Instructions for the task: The answer should consist solely of the lines from the first one below through the line containing "An aerial image. It shows: Guidepost", copied exactly.

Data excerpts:
■ ■ ■

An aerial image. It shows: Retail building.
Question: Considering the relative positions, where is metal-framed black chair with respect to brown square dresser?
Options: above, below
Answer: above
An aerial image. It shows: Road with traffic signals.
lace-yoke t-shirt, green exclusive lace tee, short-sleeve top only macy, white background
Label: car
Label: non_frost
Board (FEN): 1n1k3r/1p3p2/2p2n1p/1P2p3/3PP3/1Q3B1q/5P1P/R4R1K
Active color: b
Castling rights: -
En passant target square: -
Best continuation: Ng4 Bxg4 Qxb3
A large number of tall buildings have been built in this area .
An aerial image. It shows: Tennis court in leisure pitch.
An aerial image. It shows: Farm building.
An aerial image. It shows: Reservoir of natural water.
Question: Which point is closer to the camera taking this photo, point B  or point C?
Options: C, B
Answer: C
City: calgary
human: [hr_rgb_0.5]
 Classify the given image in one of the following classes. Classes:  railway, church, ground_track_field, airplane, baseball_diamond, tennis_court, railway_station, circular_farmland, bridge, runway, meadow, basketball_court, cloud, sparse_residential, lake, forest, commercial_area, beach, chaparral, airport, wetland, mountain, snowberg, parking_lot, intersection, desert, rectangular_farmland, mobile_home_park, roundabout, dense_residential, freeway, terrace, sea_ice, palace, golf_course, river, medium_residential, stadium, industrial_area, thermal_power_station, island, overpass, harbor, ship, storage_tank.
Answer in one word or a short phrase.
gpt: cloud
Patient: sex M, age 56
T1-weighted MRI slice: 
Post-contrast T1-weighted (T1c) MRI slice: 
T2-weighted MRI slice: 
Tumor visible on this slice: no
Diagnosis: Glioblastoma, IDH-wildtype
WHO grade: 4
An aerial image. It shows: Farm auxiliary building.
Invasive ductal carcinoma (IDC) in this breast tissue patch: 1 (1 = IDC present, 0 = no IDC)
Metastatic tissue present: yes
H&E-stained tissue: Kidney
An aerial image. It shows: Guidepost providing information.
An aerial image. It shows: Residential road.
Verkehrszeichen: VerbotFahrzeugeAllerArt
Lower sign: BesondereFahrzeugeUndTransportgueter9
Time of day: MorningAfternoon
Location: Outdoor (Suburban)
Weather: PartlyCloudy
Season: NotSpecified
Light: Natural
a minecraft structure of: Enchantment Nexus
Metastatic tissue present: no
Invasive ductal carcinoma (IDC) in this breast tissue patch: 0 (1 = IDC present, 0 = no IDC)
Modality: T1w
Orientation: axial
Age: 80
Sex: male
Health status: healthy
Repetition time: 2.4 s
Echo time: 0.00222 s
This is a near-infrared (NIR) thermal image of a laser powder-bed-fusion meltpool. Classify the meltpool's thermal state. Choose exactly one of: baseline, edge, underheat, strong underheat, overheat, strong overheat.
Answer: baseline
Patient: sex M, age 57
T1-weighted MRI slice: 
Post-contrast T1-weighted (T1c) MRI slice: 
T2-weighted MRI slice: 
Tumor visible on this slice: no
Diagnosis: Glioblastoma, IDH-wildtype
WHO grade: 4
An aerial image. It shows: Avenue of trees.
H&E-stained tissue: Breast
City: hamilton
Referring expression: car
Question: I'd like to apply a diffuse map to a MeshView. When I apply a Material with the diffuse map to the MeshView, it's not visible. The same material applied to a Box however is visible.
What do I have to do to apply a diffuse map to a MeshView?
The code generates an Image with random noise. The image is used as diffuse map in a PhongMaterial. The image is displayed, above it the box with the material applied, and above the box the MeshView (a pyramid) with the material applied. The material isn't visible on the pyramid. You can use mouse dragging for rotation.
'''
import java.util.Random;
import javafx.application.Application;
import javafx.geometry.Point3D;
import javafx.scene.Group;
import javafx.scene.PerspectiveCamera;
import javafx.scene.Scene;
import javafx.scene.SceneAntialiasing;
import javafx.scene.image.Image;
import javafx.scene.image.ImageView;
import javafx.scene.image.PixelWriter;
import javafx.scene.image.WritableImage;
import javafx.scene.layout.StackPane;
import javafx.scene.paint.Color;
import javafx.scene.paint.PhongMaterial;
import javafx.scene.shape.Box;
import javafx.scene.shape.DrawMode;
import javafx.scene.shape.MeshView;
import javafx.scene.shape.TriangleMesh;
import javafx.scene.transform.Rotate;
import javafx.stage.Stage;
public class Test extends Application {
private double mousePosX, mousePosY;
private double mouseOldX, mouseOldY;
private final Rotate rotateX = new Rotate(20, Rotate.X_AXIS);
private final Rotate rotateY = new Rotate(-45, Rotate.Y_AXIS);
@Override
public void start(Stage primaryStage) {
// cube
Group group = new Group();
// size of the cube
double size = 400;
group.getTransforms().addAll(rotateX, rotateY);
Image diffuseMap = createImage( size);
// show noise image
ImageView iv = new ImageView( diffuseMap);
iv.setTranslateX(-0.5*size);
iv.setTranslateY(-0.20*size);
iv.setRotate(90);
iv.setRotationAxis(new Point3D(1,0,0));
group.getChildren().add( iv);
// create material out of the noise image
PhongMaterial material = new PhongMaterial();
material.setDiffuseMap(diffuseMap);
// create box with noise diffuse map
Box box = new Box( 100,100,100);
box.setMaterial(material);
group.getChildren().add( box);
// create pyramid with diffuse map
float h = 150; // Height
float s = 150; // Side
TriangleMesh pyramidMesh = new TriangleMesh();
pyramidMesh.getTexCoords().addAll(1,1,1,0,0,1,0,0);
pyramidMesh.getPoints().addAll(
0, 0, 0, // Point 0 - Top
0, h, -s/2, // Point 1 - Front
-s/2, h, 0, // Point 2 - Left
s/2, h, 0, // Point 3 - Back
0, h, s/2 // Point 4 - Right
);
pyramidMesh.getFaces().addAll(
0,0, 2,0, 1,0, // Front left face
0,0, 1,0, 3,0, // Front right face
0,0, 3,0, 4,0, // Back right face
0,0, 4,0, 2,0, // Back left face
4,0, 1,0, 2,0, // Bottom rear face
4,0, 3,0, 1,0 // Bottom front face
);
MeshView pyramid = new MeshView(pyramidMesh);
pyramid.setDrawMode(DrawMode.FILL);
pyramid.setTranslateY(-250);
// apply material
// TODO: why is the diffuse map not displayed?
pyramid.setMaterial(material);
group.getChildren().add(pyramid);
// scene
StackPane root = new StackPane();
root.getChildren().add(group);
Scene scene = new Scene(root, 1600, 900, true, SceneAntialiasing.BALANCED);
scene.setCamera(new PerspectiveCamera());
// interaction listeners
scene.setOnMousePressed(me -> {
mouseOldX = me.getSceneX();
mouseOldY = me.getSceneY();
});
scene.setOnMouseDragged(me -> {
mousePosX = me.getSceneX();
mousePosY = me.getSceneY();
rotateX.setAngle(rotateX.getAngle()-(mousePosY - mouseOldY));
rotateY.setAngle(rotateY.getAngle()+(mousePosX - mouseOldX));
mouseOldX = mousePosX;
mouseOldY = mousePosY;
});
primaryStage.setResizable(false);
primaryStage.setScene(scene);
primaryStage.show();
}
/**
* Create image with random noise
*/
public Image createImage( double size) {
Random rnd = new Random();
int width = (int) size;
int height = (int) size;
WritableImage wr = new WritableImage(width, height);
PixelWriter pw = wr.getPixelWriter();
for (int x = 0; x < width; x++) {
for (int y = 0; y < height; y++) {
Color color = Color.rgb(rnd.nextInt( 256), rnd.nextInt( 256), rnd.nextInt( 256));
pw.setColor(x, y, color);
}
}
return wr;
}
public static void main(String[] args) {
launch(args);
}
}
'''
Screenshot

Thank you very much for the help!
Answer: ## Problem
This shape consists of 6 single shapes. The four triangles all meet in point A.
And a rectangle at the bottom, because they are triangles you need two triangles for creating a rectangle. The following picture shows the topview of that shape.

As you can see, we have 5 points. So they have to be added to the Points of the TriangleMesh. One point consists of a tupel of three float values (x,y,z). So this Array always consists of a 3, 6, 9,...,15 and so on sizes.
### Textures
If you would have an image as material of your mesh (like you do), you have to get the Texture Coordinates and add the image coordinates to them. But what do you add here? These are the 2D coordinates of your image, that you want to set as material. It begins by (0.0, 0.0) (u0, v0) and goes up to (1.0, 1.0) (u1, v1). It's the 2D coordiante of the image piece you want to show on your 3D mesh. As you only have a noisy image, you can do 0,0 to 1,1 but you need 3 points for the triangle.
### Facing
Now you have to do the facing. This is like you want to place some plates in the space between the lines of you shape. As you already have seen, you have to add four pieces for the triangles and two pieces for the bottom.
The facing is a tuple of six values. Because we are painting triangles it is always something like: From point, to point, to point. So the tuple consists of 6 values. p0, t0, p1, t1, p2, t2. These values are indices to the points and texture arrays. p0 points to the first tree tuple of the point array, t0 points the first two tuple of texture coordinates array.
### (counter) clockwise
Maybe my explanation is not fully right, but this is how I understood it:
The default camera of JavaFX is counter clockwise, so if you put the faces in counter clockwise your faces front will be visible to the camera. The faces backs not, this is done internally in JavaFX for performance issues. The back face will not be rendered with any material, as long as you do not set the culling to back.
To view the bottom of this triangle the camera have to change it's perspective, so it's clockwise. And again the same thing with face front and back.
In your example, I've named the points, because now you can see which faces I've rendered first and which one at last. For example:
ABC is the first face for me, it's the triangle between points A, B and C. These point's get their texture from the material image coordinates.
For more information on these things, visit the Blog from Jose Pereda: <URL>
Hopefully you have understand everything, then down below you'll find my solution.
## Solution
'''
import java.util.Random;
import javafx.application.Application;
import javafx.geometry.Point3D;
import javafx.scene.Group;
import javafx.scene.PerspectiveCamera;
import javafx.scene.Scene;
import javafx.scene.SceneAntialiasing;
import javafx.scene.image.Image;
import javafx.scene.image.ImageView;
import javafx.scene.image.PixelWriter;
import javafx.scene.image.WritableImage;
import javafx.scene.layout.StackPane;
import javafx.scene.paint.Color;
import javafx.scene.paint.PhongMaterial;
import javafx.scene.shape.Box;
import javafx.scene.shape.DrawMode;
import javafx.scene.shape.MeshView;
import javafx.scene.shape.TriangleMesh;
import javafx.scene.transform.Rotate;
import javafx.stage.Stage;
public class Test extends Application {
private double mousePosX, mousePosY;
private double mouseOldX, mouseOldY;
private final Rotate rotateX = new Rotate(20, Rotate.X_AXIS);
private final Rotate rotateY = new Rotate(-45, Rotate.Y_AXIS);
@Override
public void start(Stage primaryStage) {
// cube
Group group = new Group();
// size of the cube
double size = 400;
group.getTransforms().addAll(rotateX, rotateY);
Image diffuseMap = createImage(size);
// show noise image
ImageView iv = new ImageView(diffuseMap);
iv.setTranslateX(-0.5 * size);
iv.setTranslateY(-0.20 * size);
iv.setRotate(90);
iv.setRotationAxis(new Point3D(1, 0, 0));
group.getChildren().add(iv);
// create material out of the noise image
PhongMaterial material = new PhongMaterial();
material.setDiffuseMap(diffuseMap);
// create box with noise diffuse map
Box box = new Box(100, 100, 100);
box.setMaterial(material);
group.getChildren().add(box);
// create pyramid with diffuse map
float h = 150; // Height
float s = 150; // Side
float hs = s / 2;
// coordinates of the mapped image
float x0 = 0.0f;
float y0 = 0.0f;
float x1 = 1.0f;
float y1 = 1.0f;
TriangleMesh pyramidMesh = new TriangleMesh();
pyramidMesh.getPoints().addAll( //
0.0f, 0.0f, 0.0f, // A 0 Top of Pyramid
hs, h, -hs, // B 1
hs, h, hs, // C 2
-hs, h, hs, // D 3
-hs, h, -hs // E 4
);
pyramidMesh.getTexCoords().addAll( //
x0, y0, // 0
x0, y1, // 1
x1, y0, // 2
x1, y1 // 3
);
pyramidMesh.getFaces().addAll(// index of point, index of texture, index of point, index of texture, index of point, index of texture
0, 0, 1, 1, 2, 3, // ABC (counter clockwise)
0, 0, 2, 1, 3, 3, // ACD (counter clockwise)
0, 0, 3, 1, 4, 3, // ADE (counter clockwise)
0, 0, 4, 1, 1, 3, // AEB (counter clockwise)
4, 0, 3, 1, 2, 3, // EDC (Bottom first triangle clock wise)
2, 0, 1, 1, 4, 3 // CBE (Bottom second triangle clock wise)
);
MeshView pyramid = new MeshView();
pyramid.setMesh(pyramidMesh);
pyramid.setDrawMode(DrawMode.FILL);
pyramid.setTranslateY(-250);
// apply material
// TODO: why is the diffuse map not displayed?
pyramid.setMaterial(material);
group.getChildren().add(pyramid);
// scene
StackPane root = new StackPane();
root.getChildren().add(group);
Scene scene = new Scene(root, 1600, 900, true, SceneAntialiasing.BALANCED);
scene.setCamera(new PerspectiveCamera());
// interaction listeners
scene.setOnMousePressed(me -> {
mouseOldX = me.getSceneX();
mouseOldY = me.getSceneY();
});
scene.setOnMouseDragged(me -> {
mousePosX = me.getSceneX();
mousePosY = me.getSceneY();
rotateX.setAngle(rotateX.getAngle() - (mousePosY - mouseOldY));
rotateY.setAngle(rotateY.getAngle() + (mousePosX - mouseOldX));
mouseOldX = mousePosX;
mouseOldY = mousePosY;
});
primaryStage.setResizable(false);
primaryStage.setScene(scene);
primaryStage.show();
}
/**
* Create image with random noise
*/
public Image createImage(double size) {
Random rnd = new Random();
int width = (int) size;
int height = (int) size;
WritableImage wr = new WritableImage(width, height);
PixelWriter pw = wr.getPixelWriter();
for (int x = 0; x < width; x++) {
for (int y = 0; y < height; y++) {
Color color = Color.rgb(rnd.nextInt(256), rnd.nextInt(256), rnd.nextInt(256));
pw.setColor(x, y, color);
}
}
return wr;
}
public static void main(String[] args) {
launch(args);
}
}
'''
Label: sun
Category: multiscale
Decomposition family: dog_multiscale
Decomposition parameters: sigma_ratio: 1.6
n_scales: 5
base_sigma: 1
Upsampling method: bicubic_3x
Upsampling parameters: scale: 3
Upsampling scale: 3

■ ■ ■

Answer box:
An aerial image. It shows: Retail building.
Question: Considering the relative positions, where is metal-framed black chair with respect to brown square dresser?
Options: above, below
Answer: above
An aerial image. It shows: Road with traffic signals.
lace-yoke t-shirt, green exclusive lace tee, short-sleeve top only macy, white background
Label: car
Label: non_frost
Board (FEN): 1n1k3r/1p3p2/2p2n1p/1P2p3/3PP3/1Q3B1q/5P1P/R4R1K
Active color: b
Castling rights: -
En passant target square: -
Best continuation: Ng4 Bxg4 Qxb3
A large number of tall buildings have been built in this area .
An aerial image. It shows: Tennis court in leisure pitch.
An aerial image. It shows: Farm building.
An aerial image. It shows: Reservoir of natural water.
Question: Which point is closer to the camera taking this photo, point B  or point C?
Options: C, B
Answer: C
City: calgary
human: [hr_rgb_0.5]
 Classify the given image in one of the following classes. Classes:  railway, church, ground_track_field, airplane, baseball_diamond, tennis_court, railway_station, circular_farmland, bridge, runway, meadow, basketball_court, cloud, sparse_residential, lake, forest, commercial_area, beach, chaparral, airport, wetland, mountain, snowberg, parking_lot, intersection, desert, rectangular_farmland, mobile_home_park, roundabout, dense_residential, freeway, terrace, sea_ice, palace, golf_course, river, medium_residential, stadium, industrial_area, thermal_power_station, island, overpass, harbor, ship, storage_tank.
Answer in one word or a short phrase.
gpt: cloud
Patient: sex M, age 56
T1-weighted MRI slice: 
Post-contrast T1-weighted (T1c) MRI slice: 
T2-weighted MRI slice: 
Tumor visible on this slice: no
Diagnosis: Glioblastoma, IDH-wildtype
WHO grade: 4
An aerial image. It shows: Farm auxiliary building.
Invasive ductal carcinoma (IDC) in this breast tissue patch: 1 (1 = IDC present, 0 = no IDC)
Metastatic tissue present: yes
H&E-stained tissue: Kidney
An aerial image. It shows: Guidepost providing information.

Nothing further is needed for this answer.